Писатель упомянул еще один элемент уходящей натуры — магазин просроченных продуктов. Он появился в конце 90-х в углублении одного двора на Фонтанке. Стоял человек с табличкой «просроченные продукты» и указывал направление. Там какие-то казематы страшные были, и воняло летом ужасно. Позднее магазинчик переехал к «Пику» — одна дверца вела в подвал. И это все местные жители знали. И до сих пор он работает — но с прежнего места его выселили. Теперь там металлическая дверь, которую периодически заваривают.

Слушающие заерзали: «А номер дома какой?»

— Номер дома не знаю, это слева от «Пика», — ответил Носов.

— А вот да, мы знаем, мы туда ходим, — обрадовались некоторые.

— Ну да, но дверь в последнее время почему-то закрыта, но если туда попасть, там двор такой, как в кино, мрачный, страшный…

Еще Носов поделился ценной информацией про рюмочную (публика оживилась). Что, ежели обойти дом № 1 по Московскому проспекту, пройти рядом со стеклянным зданием (ТЦ «Сенная». — К. М.), то по проходным дворам можно выйти далеко-далеко, прямо на Садовую улицу. Там есть рюмочная, в некоторых кругах известная как «Рюмочная имени Носова» (из зала — одобрительные высказывания). На самом деле ее местонахождение подсказал докладчику поэт и профессиональный грибник Григорьев Геннадий — один из обитателей Сенной. Его, кстати, можно было раньше увидеть на площади, продающим грибы.

Речь зашла о типажах: если вспомнить персонажей Достоевского, то их вполне можно увидеть сейчас на Сенной.

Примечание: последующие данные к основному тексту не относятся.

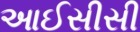
આઈસીસી
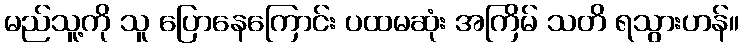
မည်သူ့ကို သူ ပြောနေကြောင်း ပထမဆုံး အကြိမ် သတိ ရသွားဟန်။
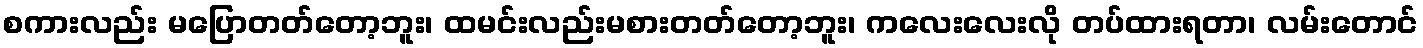
စကားလည်း မပြောတတ်တော့ဘူး၊ ထမင်းလည်းမစားတတ်တော့ဘူး၊ ကလေးလေးလို တပ်ထားရတာ၊ လမ်းတောင်
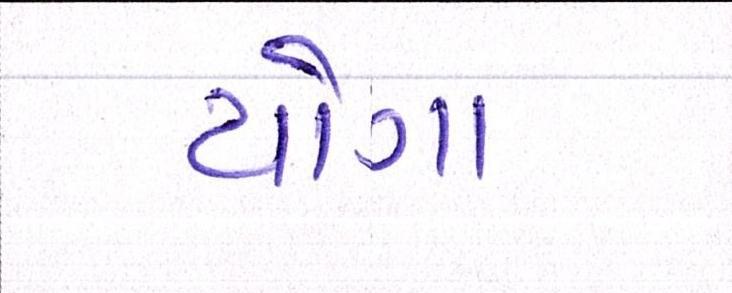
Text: યોગા
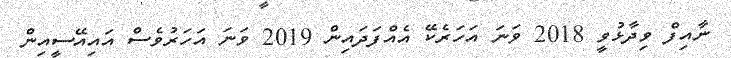
ނާއިފް ވިދާޅުވީ 2018 ވަނަ އަހަރެކޭ އެއްފަދައިން 2019 ވަނަ އަހަރުވެސް އައިއޭސީއިން
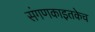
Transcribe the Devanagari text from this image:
संगणकाइतकेच
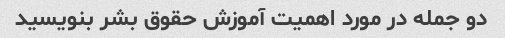
دو جمله در مورد اهمیت آموزش حقوق بشر بنویسید
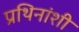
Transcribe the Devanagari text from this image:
प्रथिनांशी
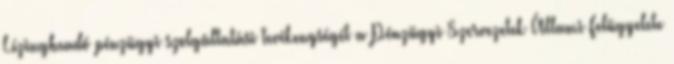
Lízingbeadó pénzügyi szolgáltatási tevékenységét a Pénzügyi Szervezetek Állami Felügyelete
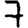
Digit: 7
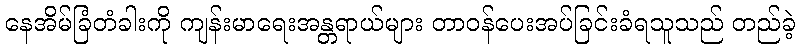
နေအိမ်ခြံတံခါးကို ကျန်းမာရေးအန္တရာယ်များ တာဝန်ပေးအပ်ခြင်းခံရသူသည် တည်ခဲ့
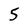
Character: 5
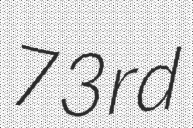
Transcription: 73rd
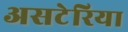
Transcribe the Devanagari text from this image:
असटेरिया
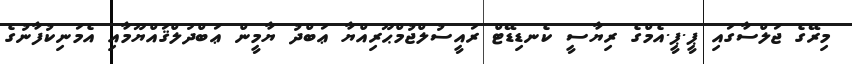
މިރޭގެ ޖަލްސާގައި ޕީ.ޕީ.އެމްގެ ރިޔާސީ ކެނޑިޑޭޓް ރައީސުލްޖުމްޙޫރިއްޔާ ޢަބްދު ޔާމީން ޢަބްދުލްޤައްޔޫމާއި އެމަނިކުފާނުގެ
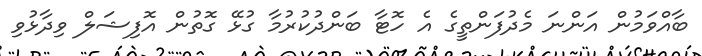
ބާއްވަމުން އަންނަ މެދުފަންތީގެ އެ ހޮޓާ ބަންދުކުރުމާ ގުޅޭ ގޮތުން އޮފިޝަލް ވިދާޅުވި
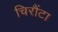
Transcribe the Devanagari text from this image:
चिरौंटा
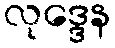
လုဒ္ဒေန
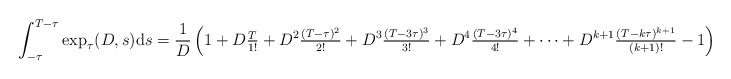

Еще Носов поведал про одноглазую проститутку XIX века, Сашку Столбовую по кличке Пробка, которой давали кто 40, кто 60 лет. Она приносила деньги и водку мужу, который ее бил. Упомянул про блаженную Анну Ивановну, чьего имени на самом деле никто не знал. Извозчики считали забавой ее подвезти — якобы она приносила счастье. Она была похоронена на Смоленском кладбище, но могила ее не сохранилась. Был еще такой Александр, который прославился тем, что носил пудовые обереги, с ними странствовал по всей стране и собирал деньги на строительство разных храмов.

Потом писатель много и интересно говорил про Сенной бунт и про врачей, которых выкидывали из окон, про Николая I и про то, как все молились, дабы не уподобляться бунтующим полякам и французам.

Про памятник «Башня мира» тоже рассказал. Про большой скандал из-за того, что все думали, что это подарок от правительства Франции, а потом выяснилось, что это частный подарок. И тут зашла речь о том, что само место становится героем «Преступления и наказания» — там есть момент, когда Раскольников целует это самое место и просит прощения у земли. Через 137 лет вырос такой вот удивительный объект.

Затем коллективно пытались выяснить в каком доме убили барона Фон Зона. Так и не установили.

По просьбе Славы Курицына, писатель поведал про удивительную историю, произошедшую с ним и поэтом Григорьевым — как они купили у бомжа мемориальную доску с места дуэли Пушкина. Еще показал книжку, которую они вместе написали — там есть поэма «Доска» и к ней комментарии.

«Там был рынок, и можно было приобрести совершенно разные товары. Я продавал как-то маленькую швейную машинку, у меня ее никто не хотел покупать, а рядом стоял человек, у которого было французское какао. К нему подошла бабушка и говорит: „Ой, сынок, а мы такой получали в эвакуации, дай понюхать!“ Он открыл, протянул ей, она сказала „спасибо“, и ушла».

И снова абсурд.

Говорили много и пахло бассейном, наверное, от барной стойки. Господин в зеленом свитере под конец доклада рассказал страшную историю о том, как на площади человеческим мясом торговали под видом говядины.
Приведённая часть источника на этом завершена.